College News & Analysis

The PFF Preseason College Football All-Big 12 Team: Oklahoma QB Spencer Rattler headlines as the nation's top returning player

Norman, Oklahoma, USA; Oklahoma Sooners quarterback Spencer Rattler (7) runs for a touchdown against the Oklahoma State Cowboys at Gaylord Family-Oklahoma Memorial Stadium. Mandatory Credit: Bryan Terry/The Oklahoman via USA TODAY Sports

A locked-in college football schedule with no sudden changes. Tailgates with friends and family. Stadiums packed to the brim. Students storming the streets after a major upset win. It’s all coming soon — the college football landscape is returning to normal.

The 2021 college football season kicks off in just under two months, and what better way to prepare than by running through PFF’s preseason awards. The 600-page PFF College Football Magazine and PFF Preseason All-America Team dropped on Monday, and 10 all-conference teams will be hitting throughout the week.

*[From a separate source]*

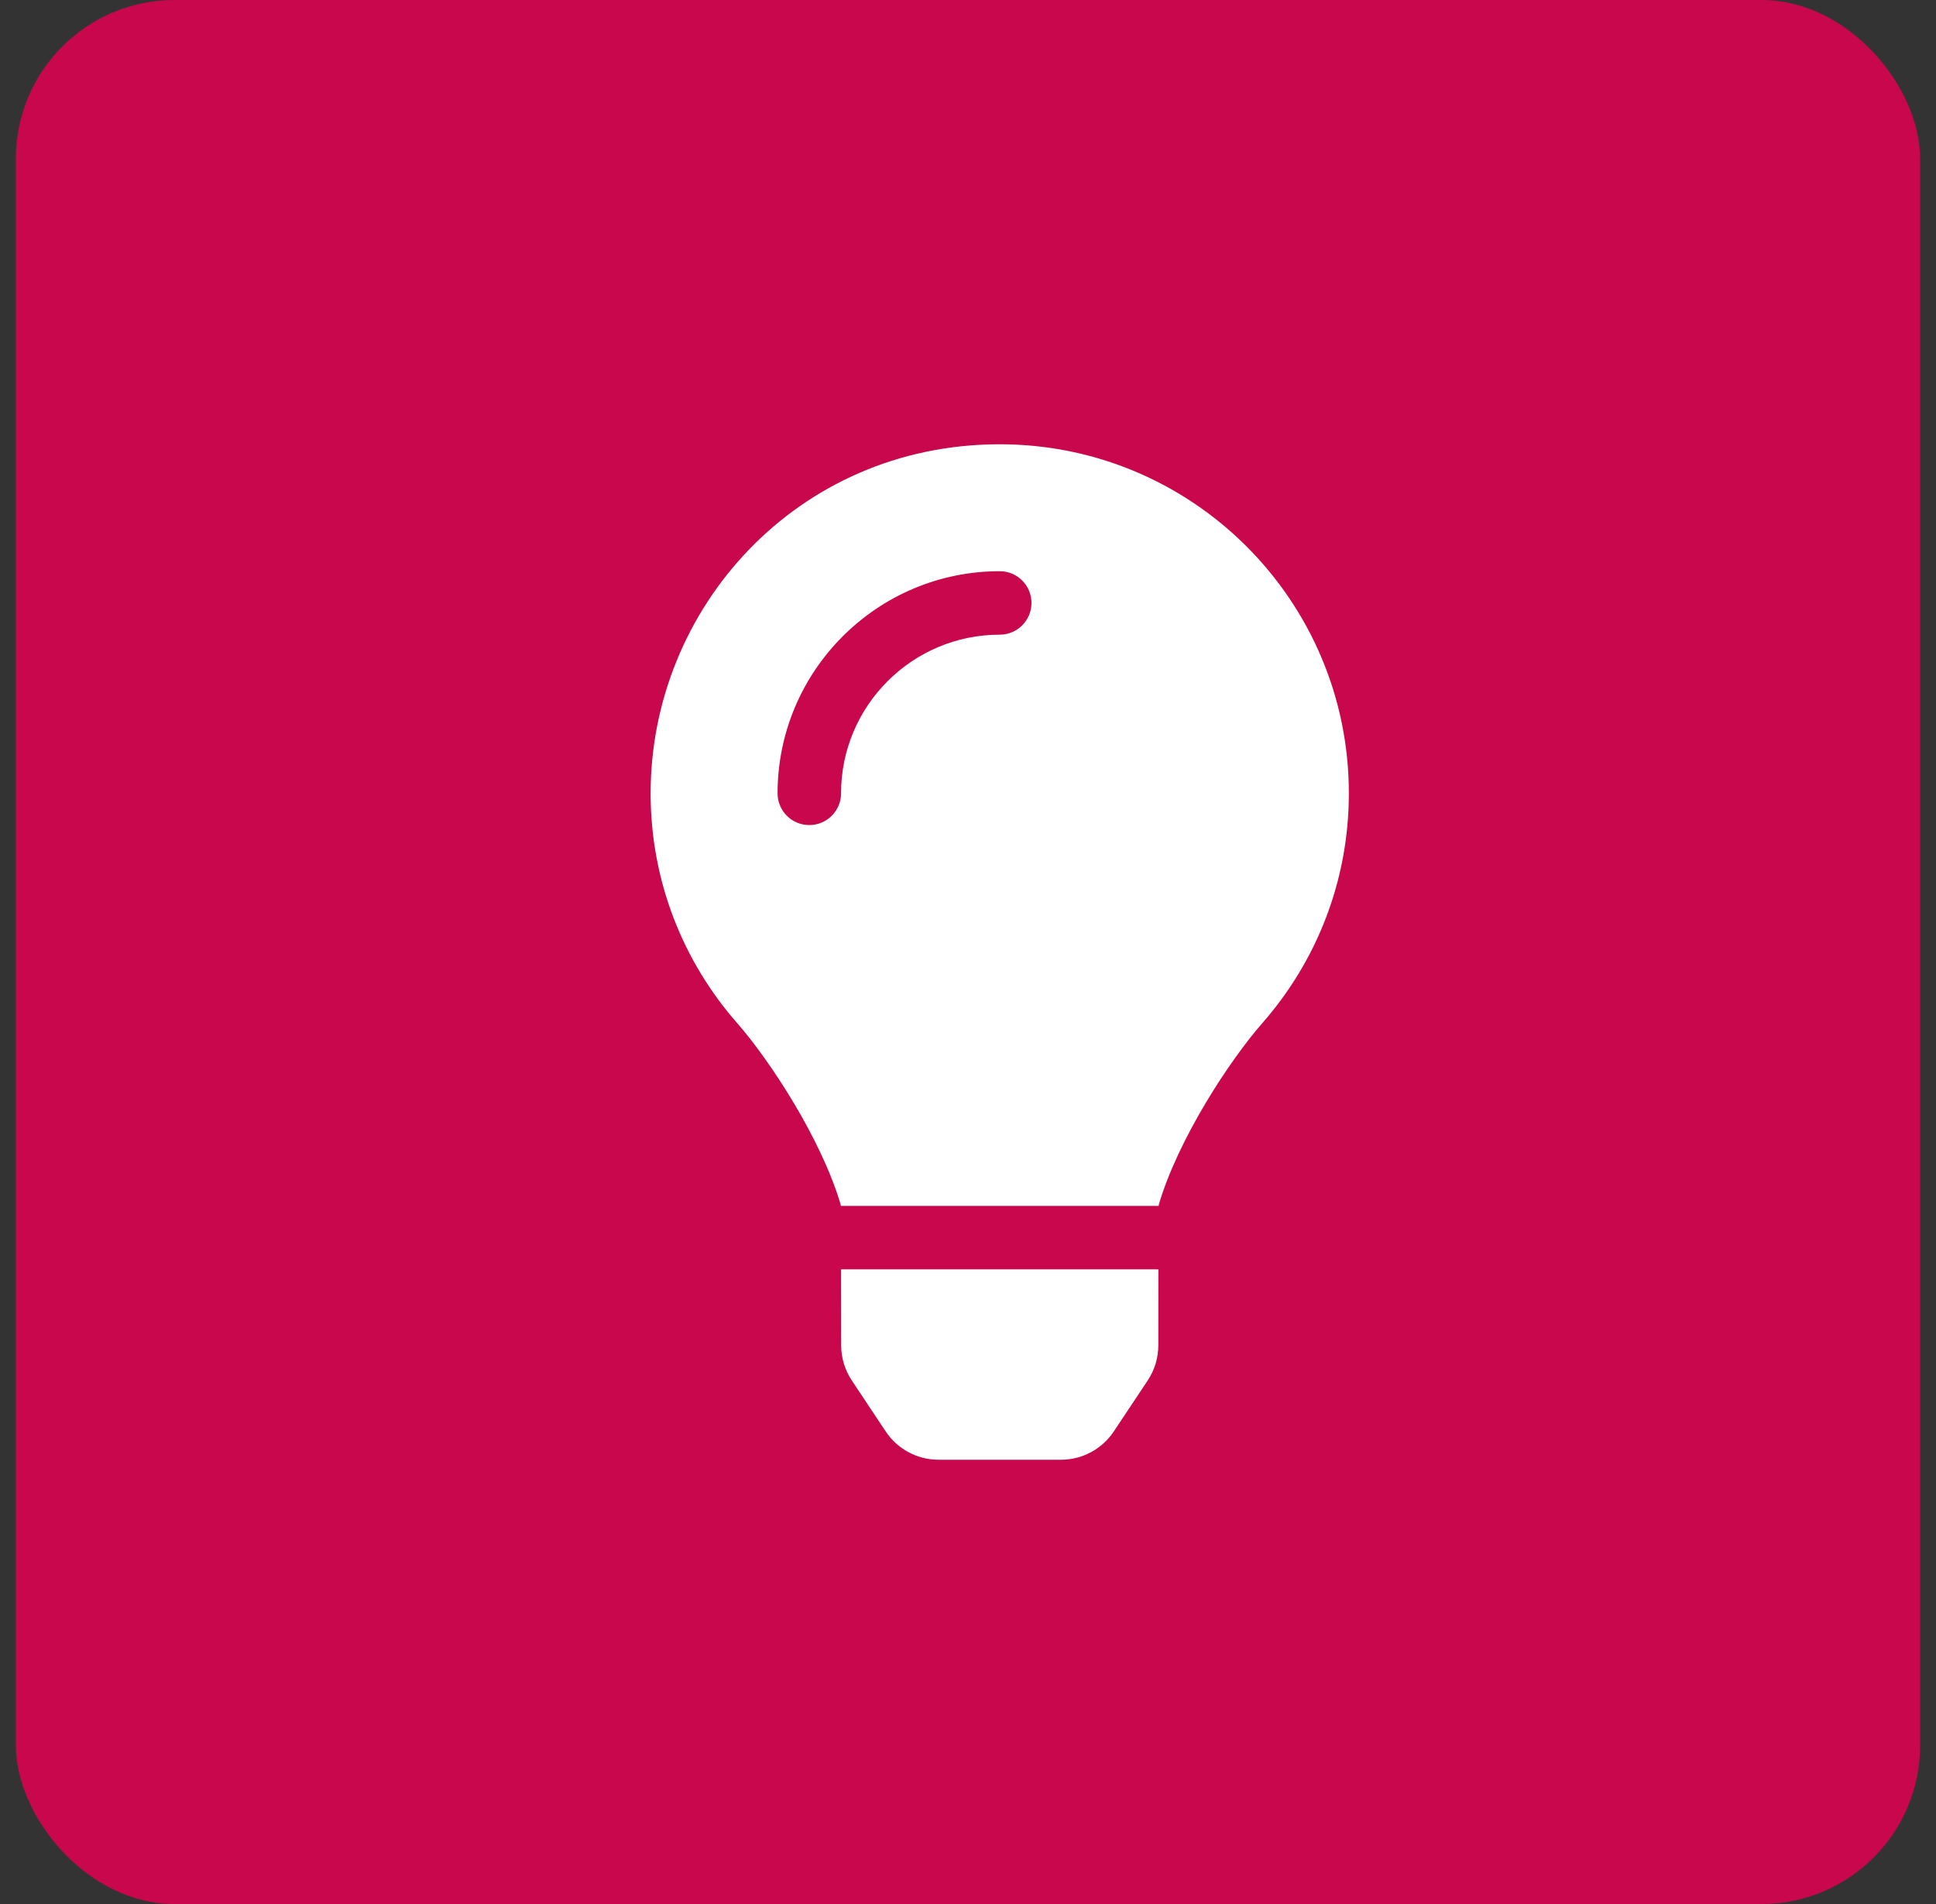 <svg width="61" height="60" viewBox="0 0 61 60" fill="none" xmlns="http://www.w3.org/2000/svg">
<rect x="0" y="0" width="61" height="60" fill="#333333" stroke="none"/>
<rect x="0.5" width="60" height="60" rx="5" fill="#C8074C"/>
<path d="M26.504 42.396C26.504 42.789 26.621 43.174 26.839 43.502L27.907 45.108C28.089 45.382 28.337 45.607 28.627 45.763C28.918 45.919 29.242 46 29.572 46H33.429C33.758 46 34.083 45.919 34.373 45.763C34.664 45.607 34.911 45.382 35.094 45.108L36.162 43.502C36.38 43.174 36.496 42.79 36.497 42.396L36.499 39.999H26.501L26.504 42.396ZM20.5 25C20.5 27.773 21.528 30.303 23.223 32.236C24.255 33.414 25.87 35.875 26.486 37.951C26.488 37.968 26.49 37.984 26.492 38H36.508C36.51 37.984 36.512 37.968 36.514 37.951C37.13 35.875 38.745 33.414 39.778 32.236C41.472 30.303 42.5 27.773 42.5 25C42.5 18.913 37.557 13.981 31.466 14C25.09 14.019 20.5 19.186 20.5 25ZM31.5 20C28.743 20 26.5 22.243 26.5 25C26.5 25.552 26.052 26 25.5 26C24.948 26 24.5 25.552 24.5 25C24.5 21.14 27.64 18 31.5 18C32.053 18 32.5 18.448 32.5 19C32.5 19.552 32.053 20 31.5 20Z" fill="white"/>
</svg>

Below is the PFF 2021 Preseason All-Big 12 Team. The side below was selected with the help of PFF grades and advanced statistics, which are now available to PFF’s CFB Premium Stats+ Subscribers.


First-Team: Spencer Rattler, Oklahoma

Rattler took over the OU starting job as a redshirt freshman last season, hoping to continue Oklahoma's run of dominance at the quarterback position under head coach Lincoln Riley. The 6-foot-1, 205-pound signal-caller lived up to expectations, earning a 92.5 mark that not only ranked fourth in the FBS but was also the best grade PFF has ever given to a true or redshirt freshman quarterback.

Rattler has a little bit of Texas Tech Patrick Mahomes in him, both stylistically and situationally. He has an ultra-quick, effortless release to pair with jaw-dropping arm talent and elite playmaking ability outside of structure. The Oklahoma quarterback produced a 91.3 passing grade and a 69.7% accurate-pass rate when creating off structure in 2020, both of which led all FBS passers. That passing grade beat out Joe Burrow for the best grade ever earned by a Power Five quarterback.

Rattler is the best player returning to college football and should be the favorite for the Heisman Trophy when the 2021 college football season kicks off on Aug. 28.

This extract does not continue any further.